Recorded data START

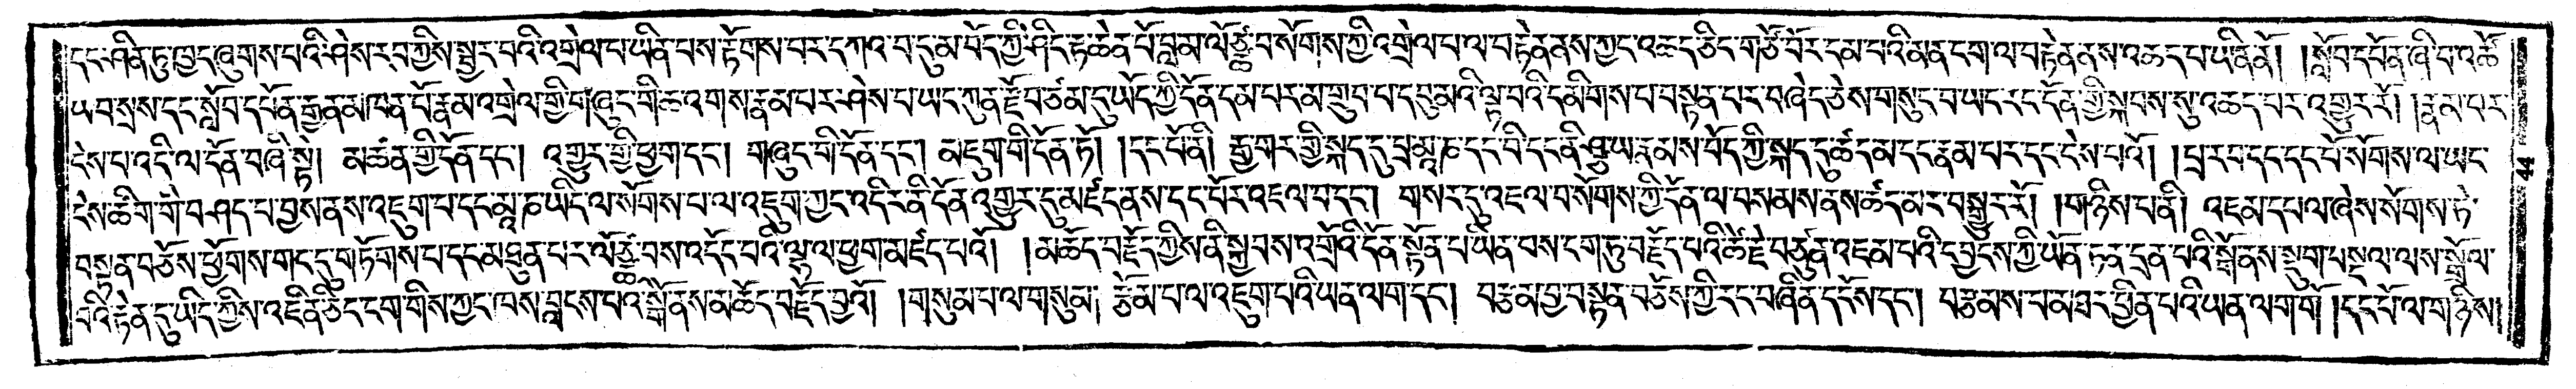དང་ཤིན་ཏུ་ཁྱད་ཞུགས་པའི་ཤེས་རབ་ཀྱིས་སྦྱར་བའི་འགྲེལ་པ་ཡིན་པས་རྟོགས་པར་དཀའ་བ་དུ་མ་བོད་ཀྱི་ཤིང་རྟ་ཆེན་པོ་བླ་མ་ལོཙྪ་བ་སོགས་ཀྱི་འགྲེལ་པ་ལ་བརྟེན་ནས་ཀྱང་འཆད་ཅིང་གཙོ་བོར་དམ་པའི་མན་ངག་ལ་བརྟེན་ནས་འཆད་པ་ཡིན་ནོ། །སློབ་དཔོན་ཞི་བ་འཚོ་
ཡབ་སྲས་དང་སློབ་དཔོན་རྒྱན་མཁན་པོ་རྣམ་འགྲེལ་གྱི་གཞུང་གི་ཆ་འགས་རྣམ་པར་ཤེས་པ་ཡང་ཀུན་རྫོབ་ཙམ་དུ་ཡོད་ཀྱི་དོན་དམ་པར་མ་གྲུབ་པ་དབུ་མའི་ལྟ་བའི་དམིགས་པ་བསྟན་པར་བཞེད་ཅེས་གསུང་བ་ཡང་རང་དོན་གྱི་སྐབས་སུ་འཆད་པར་འགྱུར་རོ། །རྣམ་པར་
ངེས་པ་འདི་ལ་དོན་བཞི་སྟེ། མཚན་གྱི་དོན་དང་། འགྱུར་གྱི་ཕྱག་དང་། གཞུང་གི་དོན་དང་། མཇུག་གི་དོན་ཏོ། །དང་པོ་ནི། རྒྱ་གར་གྱི་སྐད་དུ་པྲ་མཱ་ཎ་དང་བི་དང་ནི་ཤྩ་ཡ་རྣམས་བོད་ཀྱི་སྐད་ཚད་མ་དང་རྣམ་པར་དང་ངེས་པའོ། །པྲ་རབ་དང་དང་པོ་སོགས་ལ་ཡང་
ངེས་ཚིག་གི་བཤད་པ་བྱས་ནས་འཇུག་པ་དང་མཱ་ཎ་ཡིད་ལ་སོགས་པ་ལ་འཇུག་ཀྱང་འདིར་ནི་དོན་འགྱུར་དུ་མཛད་ནས་དང་པོར་འཇལ་བ་དང་། གསར་དུ་འཇལ་བ་སོས་ཀྱི་དོན་ལ་བསམས་ནས་ཚད་མར་བསྒྱུར་རོ། །གཉིས་པ་ནི། འཇམ་དཔལ་ཞེས་སོགས་ཏེ་
བསྟན་བཅོས་ཕྱོགས་གང་དུ་གཏོགས་པ་དང་མཐུན་པར་ལོཙྪ་བས་འདོད་པའི་ལྷ་ལ་ཕྱག་འཚལ་མཛད་པའོ། །མཆོད་བརྗོད་ཀྱི་ནི་སྐྱབས་འགྲོའི་དོན་སྟོན་པ་ཡིན་པས་ངག་ཏུ་བརྗོད་པའི་ཚེ་རྗེ་བཙུན་འཇམ་པའི་དབྱངས་ཀྱི་ཡོན་ཏན་དྲན་པའི་སྒོ་ནས་སྡུག་བསྔལ་ལས་སྒྲོལ་
བའི་རྟེན་དུ་ཡིད་ཀྱི་འཛིན་ཅིང་ངག་གིས་ཀྱང་ཁས་བླངས་པའི་སྒོ་ནས་མཆོད་བརྗོད་བྱའོ། །གསུམ་པ་ལ་གསུམ། རྩོམ་པ་ལ་འཇུག་པའི་ཡན་ལག་དང་། བརྩམ་བྱ་བསྟན་བཅོས་ཀྱི་རང་བཞིན་དངོས་དང་། བརྩམས་པ་མཐར་ཕྱིན་པའི་ཡན་ལག་གོ །དང་པོ་ལ་གཉིས།

Recorded data END

■ What you need to do:
Only the lines from the one containing "ངེས་པ་འདི་ལ་དོན་བཞི་སྟེ། མཚན་གྱི་དོན་དང་། འགྱུར་གྱི་ཕྱག་དང་།" to the end of the listing belong in the output, each reproduced exactly.

■ Result for this task:
ངེས་པ་འདི་ལ་དོན་བཞི་སྟེ། མཚན་གྱི་དོན་དང་། འགྱུར་གྱི་ཕྱག་དང་། གཞུང་གི་དོན་དང་། མཇུག་གི་དོན་ཏོ། །དང་པོ་ནི། རྒྱ་གར་གྱི་སྐད་དུ་པྲ་མཱ་ཎ་དང་བི་དང་ནི་ཤྩ་ཡ་རྣམས་བོད་ཀྱི་སྐད་ཚད་མ་དང་རྣམ་པར་དང་ངེས་པའོ། །པྲ་རབ་དང་དང་པོ་སོགས་ལ་ཡང་
ངེས་ཚིག་གི་བཤད་པ་བྱས་ནས་འཇུག་པ་དང་མཱ་ཎ་ཡིད་ལ་སོགས་པ་ལ་འཇུག་ཀྱང་འདིར་ནི་དོན་འགྱུར་དུ་མཛད་ནས་དང་པོར་འཇལ་བ་དང་། གསར་དུ་འཇལ་བ་སོས་ཀྱི་དོན་ལ་བསམས་ནས་ཚད་མར་བསྒྱུར་རོ། །གཉིས་པ་ནི། འཇམ་དཔལ་ཞེས་སོགས་ཏེ་
བསྟན་བཅོས་ཕྱོགས་གང་དུ་གཏོགས་པ་དང་མཐུན་པར་ལོཙྪ་བས་འདོད་པའི་ལྷ་ལ་ཕྱག་འཚལ་མཛད་པའོ། །མཆོད་བརྗོད་ཀྱི་ནི་སྐྱབས་འགྲོའི་དོན་སྟོན་པ་ཡིན་པས་ངག་ཏུ་བརྗོད་པའི་ཚེ་རྗེ་བཙུན་འཇམ་པའི་དབྱངས་ཀྱི་ཡོན་ཏན་དྲན་པའི་སྒོ་ནས་སྡུག་བསྔལ་ལས་སྒྲོལ་
བའི་རྟེན་དུ་ཡིད་ཀྱི་འཛིན་ཅིང་ངག་གིས་ཀྱང་ཁས་བླངས་པའི་སྒོ་ནས་མཆོད་བརྗོད་བྱའོ། །གསུམ་པ་ལ་གསུམ། རྩོམ་པ་ལ་འཇུག་པའི་ཡན་ལག་དང་། བརྩམ་བྱ་བསྟན་བཅོས་ཀྱི་རང་བཞིན་དངོས་དང་། བརྩམས་པ་མཐར་ཕྱིན་པའི་ཡན་ལག་གོ །དང་པོ་ལ་གཉིས།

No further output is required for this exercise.